Hello and welcome to DIY’s introducing feature, Get To Know… getting you a little bit closer to the buzziest new acts that have been catching our eye as of late, and working out what makes them tick.
Sharing new track ‘Drag Behind’ today, singer Joni Samuels says, “This is a song about feeling out-of-place in your surroundings, comparing yourself to people and feeling kind of bitter about it. Allowing those feelings to impact you negatively, even though you try to ignore them. You want to reach your potential and be yourself, but your constant comparisons drag you down.”
Drummer Karsten van der Tol adds, “This is one of the first songs we ever played together, putting the bones together almost 3 years ago. Since then, it’s been baptized in fire through gigs and rehearsals, constantly being refined along the way. Endlessly energetic, this song is so much fun to play!”
The duo are also set to play at our DIY Alive Festival this April.

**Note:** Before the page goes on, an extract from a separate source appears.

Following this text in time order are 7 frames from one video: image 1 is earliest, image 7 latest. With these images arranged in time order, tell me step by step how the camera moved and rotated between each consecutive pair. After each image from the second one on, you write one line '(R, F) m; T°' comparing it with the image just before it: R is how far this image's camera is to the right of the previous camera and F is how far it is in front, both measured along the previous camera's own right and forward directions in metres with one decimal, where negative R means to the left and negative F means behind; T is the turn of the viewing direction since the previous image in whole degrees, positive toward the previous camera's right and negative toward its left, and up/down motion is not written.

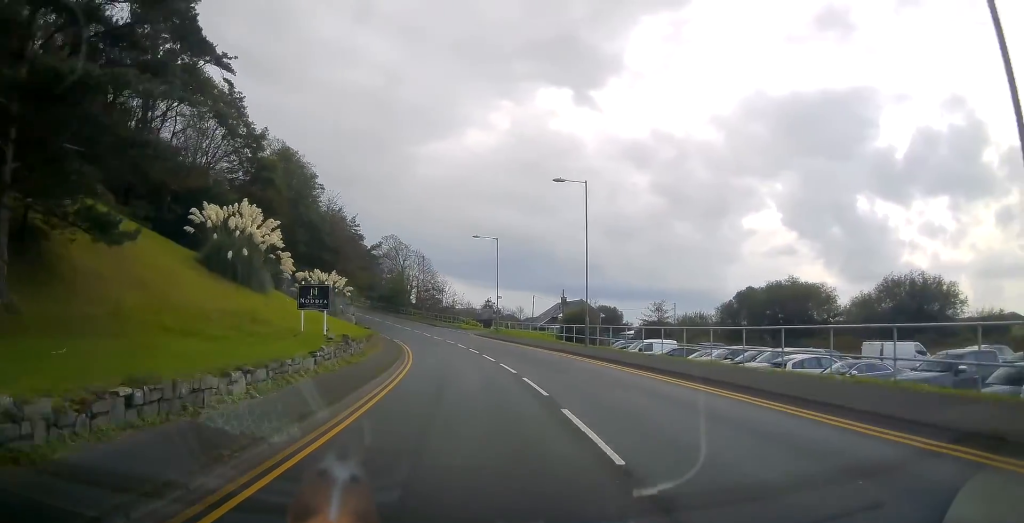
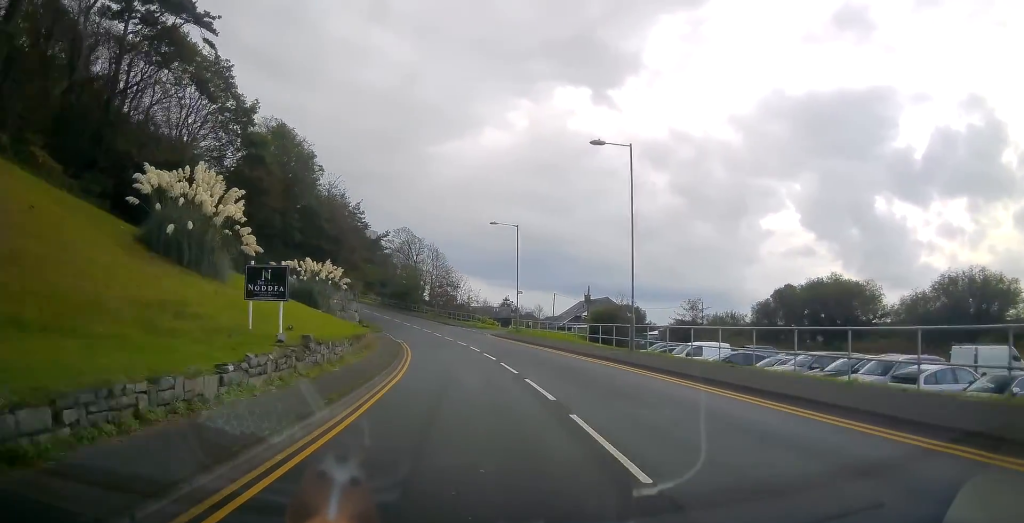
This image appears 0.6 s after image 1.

Head here to find out more info, and scroll down for our quick fire Q&A with the band.
Describe your music to us in the form of a Tinder bio?
Enjoys groovy rhythms, hates bass guitars and loves a good mosh pit.
Also, we’re 12ft1 if you care about that kinda stuff ;)
What’s your earliest musical memory?
Joni: Honestly, I can’t remember. My dad was constantly playing music in our house, in the car, wherever we were. I would say that the car trips listening to old school reggae compilation albums were my earliest.
Karsten: I was 7 years old, in the front seat of the car with my mom, picking up my brother from a sleepover. Then, a Red Hot Chili Peppers song started to play on the radio. Which one, I don’t remember (they all sound the same anyway). I was completely entranced, the music that I had previously heard had never had that kind of effect on me. This is where a lot of gears started turning and I started to seek out new music.
Who were some artists that inspired you when you were just starting out (and why)?
J: When I first was learning to play the guitar, I was listening mostly to PJ Harvey, The Breeders and Hole. The first song I ever learnt was ‘About A Girl’ by Nirvana - I definitely think they all influenced my guitar playing and songwriting a lot. I just loved how simple a lot of those songs were - two or three chords, repetitive and really based on cool rhythms and strumming patterns. It made writing music seem really accessible, if I could look up to these musicians but learn to play some of their most iconic songs really easily.
K: My older brother showed me a lot of the music I initially loved listening to, like The Notorious B.I.G and Bloc Party. There is something very simple but enjoyable in both artists, but one thing that was unanimous was that their energy drove all of their music. That energy was something that I wanted to emulate. At the time of starting Fräulein, I was inspired by a group called CHON. They’re a fully instrumental math rock band, and I was absolutely blown away by their technicality and the drumming. Dissecting those albums, listening to the odd beats and riffs was so much fun and has influenced my drumming a lot.
You’re from Northern Ireland and The Netherlands! What do you think of the music scenes there at the moment?
K: I wouldn’t say I have my fingers on the pulse of the Dutch scene exactly, I grew up all over and have been in the UK for the last 7 years. That being said, I’ve really been enjoying going through Pip Blom’s back catalogue! Lots of catchy tunes and something to bop your head to when you’re on the tube.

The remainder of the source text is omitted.